- Work task:
Copy out each line of the material that includes the word "fill".

▬▬▬

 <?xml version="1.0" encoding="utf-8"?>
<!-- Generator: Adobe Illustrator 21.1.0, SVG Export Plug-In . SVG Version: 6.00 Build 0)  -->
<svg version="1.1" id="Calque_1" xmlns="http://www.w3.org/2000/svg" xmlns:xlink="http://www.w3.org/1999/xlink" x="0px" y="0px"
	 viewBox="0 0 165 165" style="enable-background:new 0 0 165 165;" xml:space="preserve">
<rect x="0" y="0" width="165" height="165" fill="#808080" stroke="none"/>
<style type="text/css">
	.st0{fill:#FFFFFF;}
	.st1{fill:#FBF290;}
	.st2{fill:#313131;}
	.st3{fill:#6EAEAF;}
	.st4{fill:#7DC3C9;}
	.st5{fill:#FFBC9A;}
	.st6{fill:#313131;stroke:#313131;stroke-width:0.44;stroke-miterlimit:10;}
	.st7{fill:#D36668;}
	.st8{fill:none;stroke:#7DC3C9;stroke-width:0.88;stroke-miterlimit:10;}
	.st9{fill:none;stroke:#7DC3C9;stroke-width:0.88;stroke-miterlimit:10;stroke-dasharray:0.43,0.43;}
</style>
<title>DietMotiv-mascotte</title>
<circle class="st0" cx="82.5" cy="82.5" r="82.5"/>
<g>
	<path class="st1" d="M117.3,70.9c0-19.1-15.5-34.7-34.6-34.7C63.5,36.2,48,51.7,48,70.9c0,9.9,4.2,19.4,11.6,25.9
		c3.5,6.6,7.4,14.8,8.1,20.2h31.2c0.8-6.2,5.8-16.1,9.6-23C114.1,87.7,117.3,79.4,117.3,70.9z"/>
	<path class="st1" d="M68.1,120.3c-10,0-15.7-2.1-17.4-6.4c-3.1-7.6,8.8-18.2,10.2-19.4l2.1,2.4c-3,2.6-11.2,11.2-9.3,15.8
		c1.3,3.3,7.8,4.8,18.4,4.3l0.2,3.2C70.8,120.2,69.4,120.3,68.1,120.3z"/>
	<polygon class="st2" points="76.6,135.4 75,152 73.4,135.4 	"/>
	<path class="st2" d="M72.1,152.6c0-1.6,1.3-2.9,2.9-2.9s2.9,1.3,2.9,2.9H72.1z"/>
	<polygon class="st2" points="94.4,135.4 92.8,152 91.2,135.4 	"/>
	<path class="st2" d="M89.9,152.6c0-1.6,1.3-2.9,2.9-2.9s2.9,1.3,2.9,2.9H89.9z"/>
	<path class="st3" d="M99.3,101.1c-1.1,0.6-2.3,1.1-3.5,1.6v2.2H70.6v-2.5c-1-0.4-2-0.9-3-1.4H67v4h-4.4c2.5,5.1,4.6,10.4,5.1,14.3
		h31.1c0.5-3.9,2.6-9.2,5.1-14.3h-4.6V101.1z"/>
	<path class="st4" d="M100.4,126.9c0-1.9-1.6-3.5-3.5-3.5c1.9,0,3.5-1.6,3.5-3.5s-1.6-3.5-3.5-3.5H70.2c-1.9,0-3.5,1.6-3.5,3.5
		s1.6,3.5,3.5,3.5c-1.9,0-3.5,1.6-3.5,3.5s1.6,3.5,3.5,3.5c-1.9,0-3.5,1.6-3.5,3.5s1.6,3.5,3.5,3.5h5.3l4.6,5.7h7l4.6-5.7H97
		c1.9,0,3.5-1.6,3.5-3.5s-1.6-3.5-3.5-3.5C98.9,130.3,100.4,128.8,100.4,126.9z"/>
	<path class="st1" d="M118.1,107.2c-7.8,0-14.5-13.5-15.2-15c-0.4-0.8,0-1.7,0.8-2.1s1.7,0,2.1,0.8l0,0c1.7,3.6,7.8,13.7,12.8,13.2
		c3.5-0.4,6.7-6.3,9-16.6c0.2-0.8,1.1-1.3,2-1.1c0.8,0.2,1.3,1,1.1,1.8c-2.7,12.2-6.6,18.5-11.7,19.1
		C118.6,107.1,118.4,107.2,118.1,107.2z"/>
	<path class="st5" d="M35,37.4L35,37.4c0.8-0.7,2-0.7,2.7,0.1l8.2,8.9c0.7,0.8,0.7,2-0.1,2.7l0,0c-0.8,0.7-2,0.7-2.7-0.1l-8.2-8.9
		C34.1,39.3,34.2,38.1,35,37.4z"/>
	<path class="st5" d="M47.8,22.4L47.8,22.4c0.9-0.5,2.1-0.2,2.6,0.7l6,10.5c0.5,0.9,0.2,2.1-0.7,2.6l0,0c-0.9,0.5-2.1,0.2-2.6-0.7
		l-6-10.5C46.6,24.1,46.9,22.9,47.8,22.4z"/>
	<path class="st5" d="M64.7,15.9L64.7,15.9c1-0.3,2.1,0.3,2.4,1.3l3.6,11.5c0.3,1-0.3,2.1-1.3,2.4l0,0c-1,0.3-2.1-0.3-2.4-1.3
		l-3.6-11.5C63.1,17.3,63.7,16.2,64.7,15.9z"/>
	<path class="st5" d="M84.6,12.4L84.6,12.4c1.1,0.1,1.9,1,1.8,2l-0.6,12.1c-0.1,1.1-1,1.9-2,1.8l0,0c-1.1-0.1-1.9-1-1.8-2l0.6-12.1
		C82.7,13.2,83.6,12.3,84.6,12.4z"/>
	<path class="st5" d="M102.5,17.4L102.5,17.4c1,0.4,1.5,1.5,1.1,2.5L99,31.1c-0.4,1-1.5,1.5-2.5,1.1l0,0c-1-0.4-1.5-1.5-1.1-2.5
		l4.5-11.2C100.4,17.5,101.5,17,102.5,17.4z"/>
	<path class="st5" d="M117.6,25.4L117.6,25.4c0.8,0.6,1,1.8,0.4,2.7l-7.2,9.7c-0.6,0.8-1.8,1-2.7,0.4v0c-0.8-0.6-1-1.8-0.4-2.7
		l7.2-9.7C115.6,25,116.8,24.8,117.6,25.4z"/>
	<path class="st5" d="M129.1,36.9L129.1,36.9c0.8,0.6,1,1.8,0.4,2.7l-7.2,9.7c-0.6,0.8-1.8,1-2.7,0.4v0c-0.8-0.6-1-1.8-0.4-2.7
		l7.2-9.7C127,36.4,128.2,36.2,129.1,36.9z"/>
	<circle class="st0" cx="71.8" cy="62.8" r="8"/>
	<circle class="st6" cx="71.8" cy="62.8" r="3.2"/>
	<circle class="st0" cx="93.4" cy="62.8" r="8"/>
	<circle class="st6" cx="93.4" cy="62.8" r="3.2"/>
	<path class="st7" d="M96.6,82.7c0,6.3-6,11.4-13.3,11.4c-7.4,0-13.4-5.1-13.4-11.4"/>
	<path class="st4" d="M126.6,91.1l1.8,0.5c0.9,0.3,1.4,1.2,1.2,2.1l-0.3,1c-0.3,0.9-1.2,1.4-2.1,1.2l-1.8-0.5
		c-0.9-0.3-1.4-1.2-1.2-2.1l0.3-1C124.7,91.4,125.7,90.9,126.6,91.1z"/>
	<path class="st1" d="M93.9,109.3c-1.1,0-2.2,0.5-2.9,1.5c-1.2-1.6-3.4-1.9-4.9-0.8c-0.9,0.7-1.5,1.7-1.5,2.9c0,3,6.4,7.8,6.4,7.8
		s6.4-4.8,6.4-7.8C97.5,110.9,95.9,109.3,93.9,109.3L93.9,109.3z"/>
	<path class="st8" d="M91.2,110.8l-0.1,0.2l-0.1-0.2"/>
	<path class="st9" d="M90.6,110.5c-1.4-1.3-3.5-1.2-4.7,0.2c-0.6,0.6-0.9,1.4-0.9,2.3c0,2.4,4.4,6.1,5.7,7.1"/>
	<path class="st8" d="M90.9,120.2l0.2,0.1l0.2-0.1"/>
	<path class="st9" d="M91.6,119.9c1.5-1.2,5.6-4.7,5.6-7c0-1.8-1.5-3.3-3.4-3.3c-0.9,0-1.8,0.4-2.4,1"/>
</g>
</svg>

▬▬▬

- Result below:
<rect x="0" y="0" width="165" height="165" fill="#808080" stroke="none"/>
	.st0{fill:#FFFFFF;}
	.st1{fill:#FBF290;}
	.st2{fill:#313131;}
	.st3{fill:#6EAEAF;}
	.st4{fill:#7DC3C9;}
	.st5{fill:#FFBC9A;}
	.st6{fill:#313131;stroke:#313131;stroke-width:0.44;stroke-miterlimit:10;}
	.st7{fill:#D36668;}
	.st8{fill:none;stroke:#7DC3C9;stroke-width:0.88;stroke-miterlimit:10;}
	.st9{fill:none;stroke:#7DC3C9;stroke-width:0.88;stroke-miterlimit:10;stroke-dasharray:0.43,0.43;}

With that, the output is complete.